A field-sequential display in which color display is performed by sequentially switching the primary color selective light emission and the display pattern of the liquid crystal shutter display panel and continuously displaying each of the R, G or B display patterns in a time-division manner. A liquid crystal display device, wherein the backlight emits three primary colors of R, G, and B.

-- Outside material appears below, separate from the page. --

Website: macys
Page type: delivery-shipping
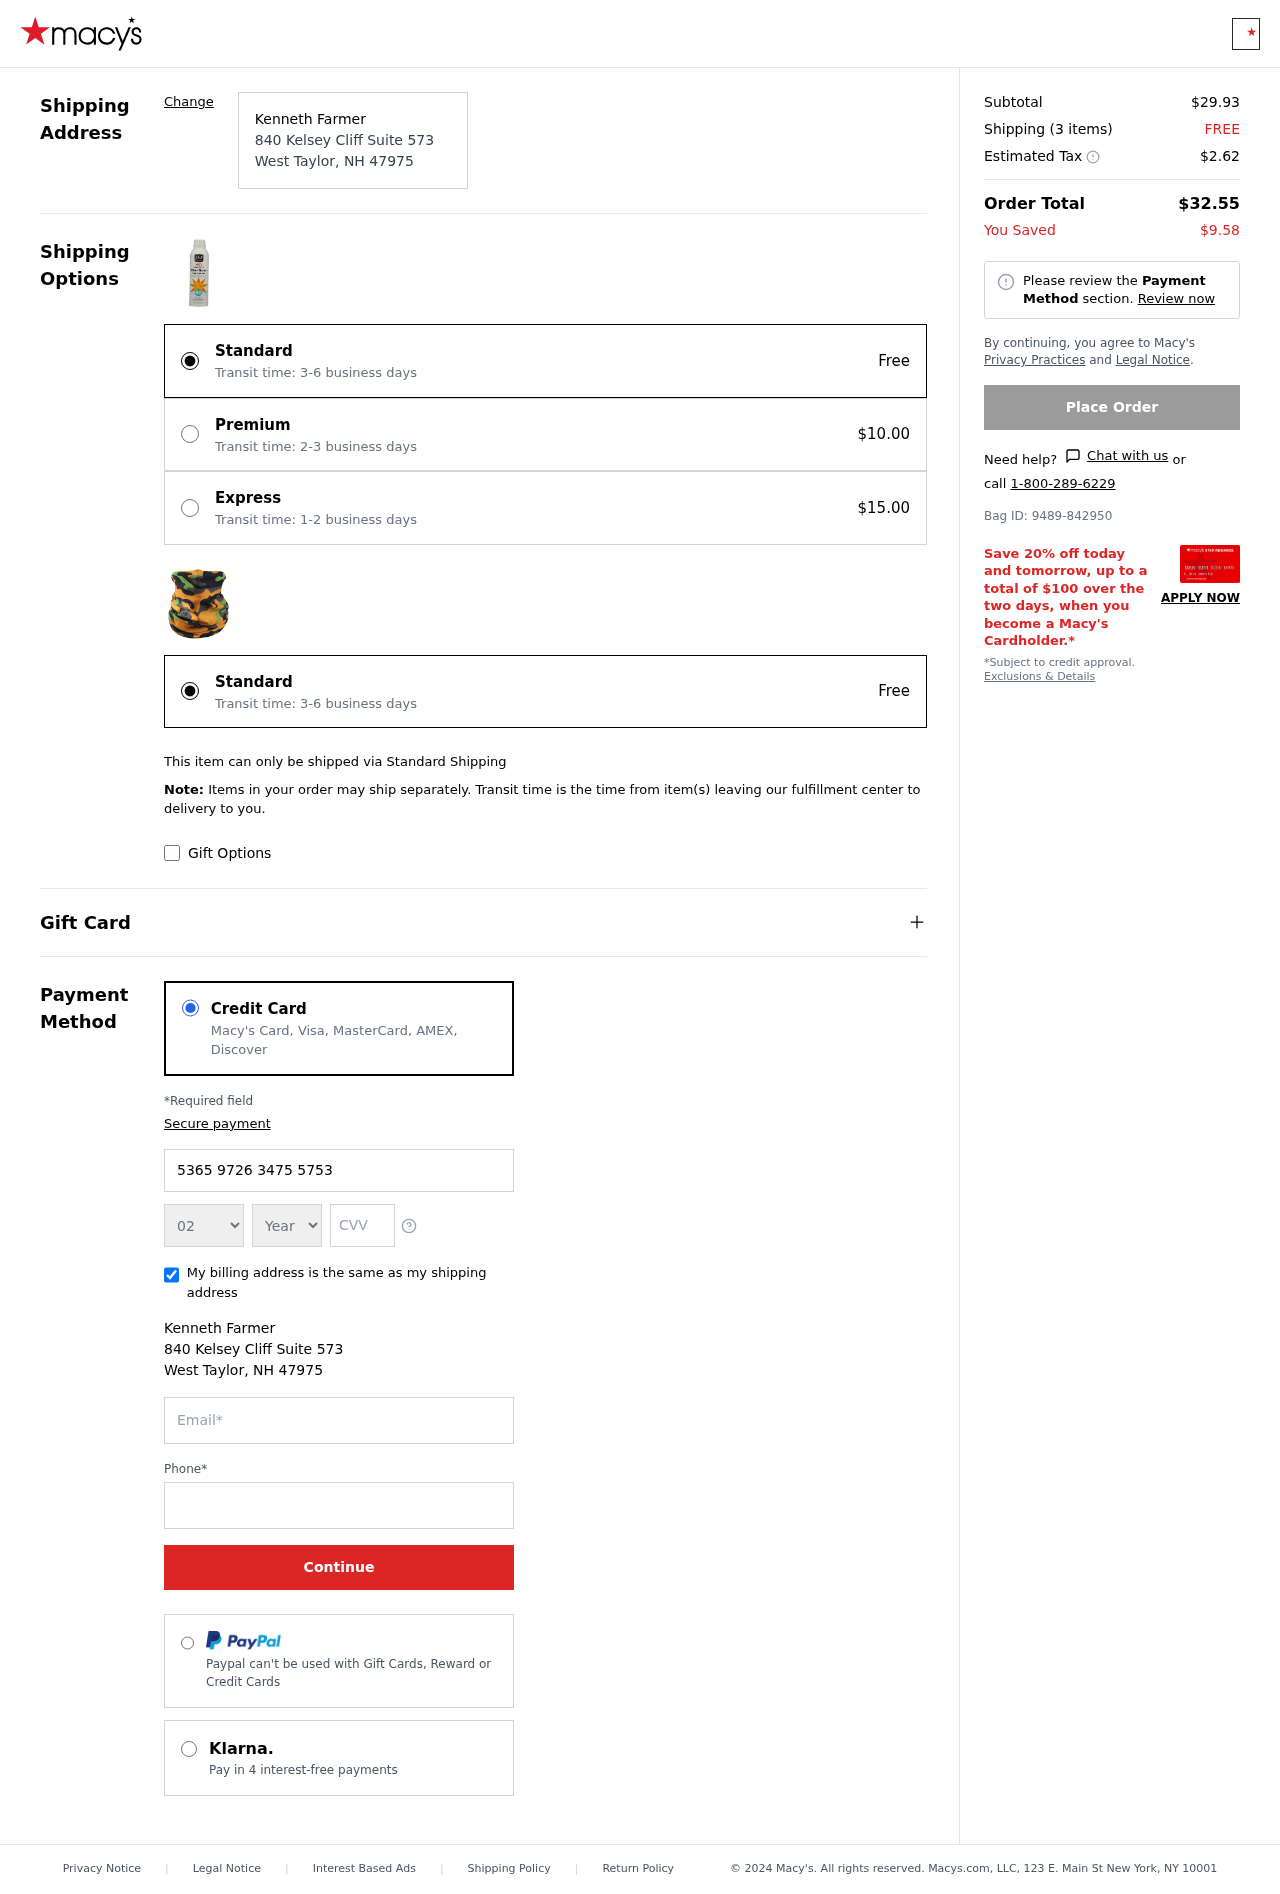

Organic EL light emitting layers, and R, G
Or an organic EL light-emitting panel that selectively emits the three primary colors of B, between the polarizing layer on the backlight side and the organic EL light-emitting layer of the pair of polarizing layers. A light diffusing means for diffusing and transmitting the light emitted to a range corresponding to the display screen of the liquid crystal shutter display panel. 2. The liquid crystal shutter display panel according to claim 1, wherein the light diffusing means is a light diffusing member disposed between the backlight side polarizing layer of the liquid crystal shutter display panel and the backlight. Field sequential liquid crystal display device. 3. The organic EL light-emitting panel includes a light-transmitting substrate capable of transmitting light, a transparent first electrode layer formed on the light-transmitting substrate, and a partition on the first electrode layer. The organic EL light emitting layer formed by the above, and a second electrode layer formed on the organic EL light emitting layer, wherein the translucent substrate is a ground glass substrate as the light diffusing means. 2. The field sequential liquid crystal display device according to claim 1, wherein: 4. The organic EL light-emitting panel includes a light-transmitting substrate capable of transmitting light, a transparent first electrode layer formed on the light-transmitting substrate, and a partition on the first electrode layer. The organic EL light emitting layer formed by the above, and a second electrode layer formed on the organic EL light emitting layer, wherein the translucent substrate is an opalescent glass substrate as the light diffusing means The field sequential liquid crystal display device according to claim 1, wherein: 5. The liquid crystal shutter display panel according to claim 1, wherein the transparent substrate and the liquid crystal shutter display panel are joined together with a substance having a refractive index equivalent to that of the transparent substrate interposed therebetween. The field sequential liquid crystal display device according to claim 4.